Fig. 8 shows the average overhead time of 14000 tasks randomly extracted from 100000 data sets. It is observed that the present invention proposes a model with minimal overhead time on different tasks. The larger overhead may result in reduced performance and increased computational complexity of the system. Therefore, minimizing overhead is a better way to improve efficiency. ACO can significantly reduce overhead time due to its high probability and efficiency in finding globally optimal solutions.

The above description is only of the preferred embodiments of the present invention and is not intended to limit the present invention, but various modifications and variations can be made to the present invention by those skilled in the art.

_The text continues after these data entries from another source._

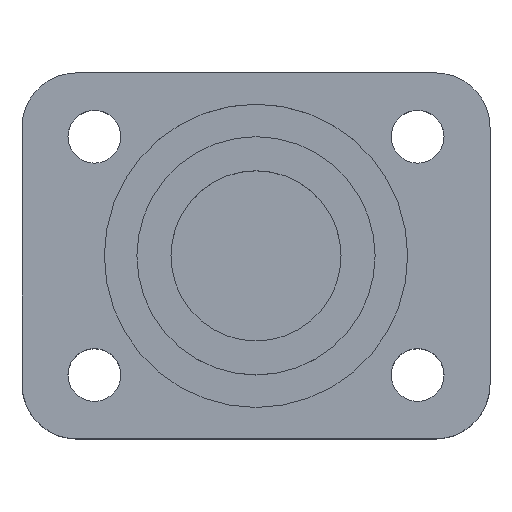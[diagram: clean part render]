
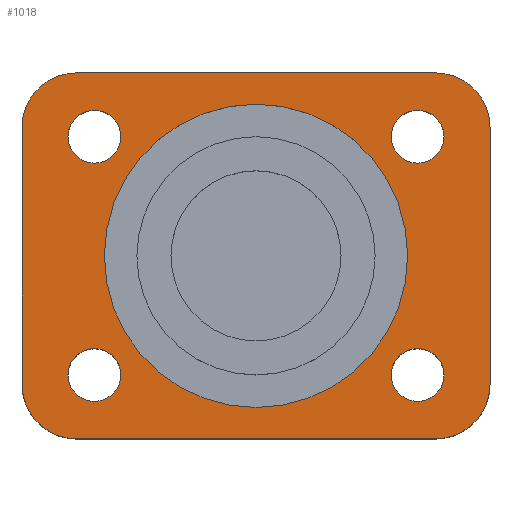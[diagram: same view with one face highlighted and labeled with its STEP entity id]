
A CAD part, top view. The second image highlights one B-rep face of the part: STEP entity #1018.
In plain terms, the highlighted planar face has unit normal (0, 0, 1).
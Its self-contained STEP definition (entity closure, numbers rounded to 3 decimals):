
#321=CARTESIAN_POINT('',(11.05,7.,10.0));
#322=VERTEX_POINT('',#321);
#323=CARTESIAN_POINT('',(9.5,7.,10.0));
#324=DIRECTION('',(0.0,0.0,-1.0));
#325=DIRECTION('',(-1.0,0.0,0.0));
#326=AXIS2_PLACEMENT_3D('',#323,#324,#325);
#327=CIRCLE('',#326,1.55);
#328=EDGE_CURVE('',#322,#322,#327,.T.);
#431=CARTESIAN_POINT('',(11.05,-7.,10.0));
#432=VERTEX_POINT('',#431);
#433=CARTESIAN_POINT('',(9.5,-7.,10.0));
#434=DIRECTION('',(0.0,0.0,-1.0));
#435=DIRECTION('',(-1.0,0.0,0.0));
#436=AXIS2_PLACEMENT_3D('',#433,#434,#435);
#437=CIRCLE('',#436,1.55);
#438=EDGE_CURVE('',#432,#432,#437,.T.);
#541=CARTESIAN_POINT('',(-7.95,-7.0,10.0));
#542=VERTEX_POINT('',#541);
#543=CARTESIAN_POINT('',(-9.5,-7.0,10.0));
#544=DIRECTION('',(0.0,0.0,-1.0));
#545=DIRECTION('',(-1.0,0.0,0.0));
#546=AXIS2_PLACEMENT_3D('',#543,#544,#545);
#547=CIRCLE('',#546,1.55);
#548=EDGE_CURVE('',#542,#542,#547,.T.);
#651=CARTESIAN_POINT('',(-7.95,7.,10.0));
#652=VERTEX_POINT('',#651);
#653=CARTESIAN_POINT('',(-9.5,7.,10.0));
#654=DIRECTION('',(0.0,0.0,-1.0));
#655=DIRECTION('',(-1.0,0.0,0.0));
#656=AXIS2_PLACEMENT_3D('',#653,#654,#655);
#657=CIRCLE('',#656,1.55);
#658=EDGE_CURVE('',#652,#652,#657,.T.);
#904=CARTESIAN_POINT('',(8.91,0.,10.0));
#905=VERTEX_POINT('',#904);
#906=CARTESIAN_POINT('',(0.0,0.0,10.0));
#907=DIRECTION('',(0.0,0.0,-1.0));
#908=DIRECTION('',(-1.0,0.0,0.0));
#909=AXIS2_PLACEMENT_3D('',#906,#907,#908);
#910=CIRCLE('',#909,8.91);
#911=EDGE_CURVE('',#905,#905,#910,.T.);
#928=CARTESIAN_POINT('',(-6.875,5.375,10.0));
#929=DIRECTION('',(0.0,0.0,1.0));
#930=DIRECTION('',(1.0,0.0,0.0));
#931=AXIS2_PLACEMENT_3D('',#928,#929,#930);
#932=PLANE('',#931);
#933=CARTESIAN_POINT('',(10.55,10.75,10.0));
#934=VERTEX_POINT('',#933);
#935=CARTESIAN_POINT('',(13.75,7.55,10.0));
#936=VERTEX_POINT('',#935);
#937=CARTESIAN_POINT('',(10.55,7.55,10.0));
#938=DIRECTION('',(0.0,0.0,-1.));
#939=DIRECTION('',(0.707,0.707,0.0));
#940=AXIS2_PLACEMENT_3D('',#937,#938,#939);
#941=CIRCLE('',#940,3.2);
#942=EDGE_CURVE('',#934,#936,#941,.T.);
#943=ORIENTED_EDGE('',*,*,#942,.F.);
#944=CARTESIAN_POINT('',(-10.55,10.75,10.0));
#945=VERTEX_POINT('',#944);
#946=CARTESIAN_POINT('',(-10.55,10.75,10.0));
#947=DIRECTION('',(1.0,0.0,0.0));
#948=VECTOR('',#947,21.1);
#949=LINE('',#946,#948);
#950=EDGE_CURVE('',#945,#934,#949,.T.);
#951=ORIENTED_EDGE('',*,*,#950,.F.);
#952=CARTESIAN_POINT('',(-13.75,7.55,10.0));
#953=VERTEX_POINT('',#952);
#954=CARTESIAN_POINT('',(-10.55,7.55,10.0));
#955=DIRECTION('',(0.0,0.0,-1.));
#956=DIRECTION('',(-0.707,0.707,0.0));
#957=AXIS2_PLACEMENT_3D('',#954,#955,#956);
#958=CIRCLE('',#957,3.2);
#959=EDGE_CURVE('',#953,#945,#958,.T.);
#960=ORIENTED_EDGE('',*,*,#959,.F.);
#961=CARTESIAN_POINT('',(-13.75,-7.55,10.0));
#962=VERTEX_POINT('',#961);
#963=CARTESIAN_POINT('',(-13.75,-7.55,10.0));
#964=DIRECTION('',(0.0,1.0,0.0));
#965=VECTOR('',#964,15.1);
#966=LINE('',#963,#965);
#967=EDGE_CURVE('',#962,#953,#966,.T.);
#968=ORIENTED_EDGE('',*,*,#967,.F.);
#969=CARTESIAN_POINT('',(-10.55,-10.75,10.0));
#970=VERTEX_POINT('',#969);
#971=CARTESIAN_POINT('',(-10.55,-7.55,10.0));
#972=DIRECTION('',(0.0,0.0,-1.));
#973=DIRECTION('',(-0.707,-0.707,0.0));
#974=AXIS2_PLACEMENT_3D('',#971,#972,#973);
#975=CIRCLE('',#974,3.2);
#976=EDGE_CURVE('',#970,#962,#975,.T.);
#977=ORIENTED_EDGE('',*,*,#976,.F.);
#978=CARTESIAN_POINT('',(10.55,-10.75,10.0));
#979=VERTEX_POINT('',#978);
#980=CARTESIAN_POINT('',(10.55,-10.75,10.0));
#981=DIRECTION('',(-1.0,0.0,0.0));
#982=VECTOR('',#981,21.1);
#983=LINE('',#980,#982);
#984=EDGE_CURVE('',#979,#970,#983,.T.);
#985=ORIENTED_EDGE('',*,*,#984,.F.);
#986=CARTESIAN_POINT('',(13.75,-7.55,10.0));
#987=VERTEX_POINT('',#986);
#988=CARTESIAN_POINT('',(10.55,-7.55,10.0));
#989=DIRECTION('',(0.0,0.0,-1.));
#990=DIRECTION('',(0.707,-0.707,0.0));
#991=AXIS2_PLACEMENT_3D('',#988,#989,#990);
#992=CIRCLE('',#991,3.2);
#993=EDGE_CURVE('',#987,#979,#992,.T.);
#994=ORIENTED_EDGE('',*,*,#993,.F.);
#995=CARTESIAN_POINT('',(13.75,7.55,10.0));
#996=DIRECTION('',(0.0,-1.0,0.0));
#997=VECTOR('',#996,15.1);
#998=LINE('',#995,#997);
#999=EDGE_CURVE('',#936,#987,#998,.T.);
#1000=ORIENTED_EDGE('',*,*,#999,.F.);
#1001=EDGE_LOOP('',(#943,#951,#960,#968,#977,#985,#994,#1000));
#1002=FACE_OUTER_BOUND('',#1001,.T.);
#1003=ORIENTED_EDGE('',*,*,#328,.T.);
#1004=EDGE_LOOP('',(#1003));
#1005=FACE_BOUND('',#1004,.T.);
#1006=ORIENTED_EDGE('',*,*,#438,.T.);
#1007=EDGE_LOOP('',(#1006));
#1008=FACE_BOUND('',#1007,.T.);
#1009=ORIENTED_EDGE('',*,*,#548,.T.);
#1010=EDGE_LOOP('',(#1009));
#1011=FACE_BOUND('',#1010,.T.);
#1012=ORIENTED_EDGE('',*,*,#658,.T.);
#1013=EDGE_LOOP('',(#1012));
#1014=FACE_BOUND('',#1013,.T.);
#1015=ORIENTED_EDGE('',*,*,#911,.T.);
#1016=EDGE_LOOP('',(#1015));
#1017=FACE_BOUND('',#1016,.T.);
#1018=ADVANCED_FACE('',(#1002,#1005,#1008,#1011,#1014,#1017),#932,.T.);

Any modification, equivalent replacement, improvement, etc. made within the spirit and principle of the present invention should be included in the protection scope of the present invention.

Claims (2)

1. The cloud load balancing hybrid model based on file types is characterized by comprising the following steps,

s1: classifying files in the cloud by using a support vector machine;

s2: inputting the classification result of the support vector machine into an ant colony optimization algorithm, and optimizing the load balancing performance of the cloud platform in the ant colony optimization algorithm in a multi-objective mode;

the step S2 includes:

s21, representing a virtual machine network in the form of an undirected weighted graph, wherein the virtual machine network is represented as an undirected graph G= (V, E), V represents a virtual machine or a node, E represents undirected edges with pheromone weights, and the pheromone weights represent overload and underload intensities between two nodes and are updated in the form of pheromones;

s22, initializing a pheromone, setting the initial pheromone to be 0.1, wherein the initial pheromone value is positioned between two nodes VMi and VMj, after the first iteration, the pheromone is globally updated, VMi represents an ith node, and VMj represents a jth node;

s23 calculating probability, ant k calculates probability of crossing edge by the following formulaTo decide to move from the current node VMi to the next node VMj,

n represents the number of neighbors of ant k, probability from node i to node jDepending on two parameters τ _ij And eta _ij ，τ _ij Representing pheromone, eta _ij Representing the possibility of movement from node i to node j, alpha and beta being used to control τ _ij And eta _ij Parameters of influence therebetween;

s24 updates the local pheromone using the following formula,

τ _ij pheromones representing nodes i through j, p is a constant pheromone evaporation coefficient as each ant passes through an edge ij,is the initial pheromone on edge ij;

s25, updating the global pheromone, calculating the global pheromone by adopting the following formula,

m represents the number of ants and is a number of the ants,is pheromone deposited on ij side of ant k in one iteration, L ^k Is the track t established by ant k _i Is a length of (2);

S26the values were calculated using the following formula:

t _i represented in machine m _j Task i running on;

s27, calculating the completion time, startTime by using the above formula _i Is the time at which task i is randomly allocated,is the estimated time to complete task i on machine j.

2. The file type based cloud load balancing hybrid model of claim 1, said step S1 comprising,

s11, introducing a kernel function to the support vector machine, and converting the original data space into a high-dimensional space containing a dot product transformation function, wherein the kernel function is as follows:

f () is an SVM function,representing a nonlinear function, u _i Representing support vector, alpha _i Represents Lagrange multiplier, u _j Representing member class labels, i, j representing the number of nodes, N representing the total number of nodes, and c representing the intercept;

s12 makes the data linearly separable using the following polynomial kernel function,

S(x,y)＝((x ^T _y +1)) ^d

x is an input vector, y is a member class label, T is a conversion rank, d is a polynomial degree, and the polynomial degree is selected according to a learning algorithm.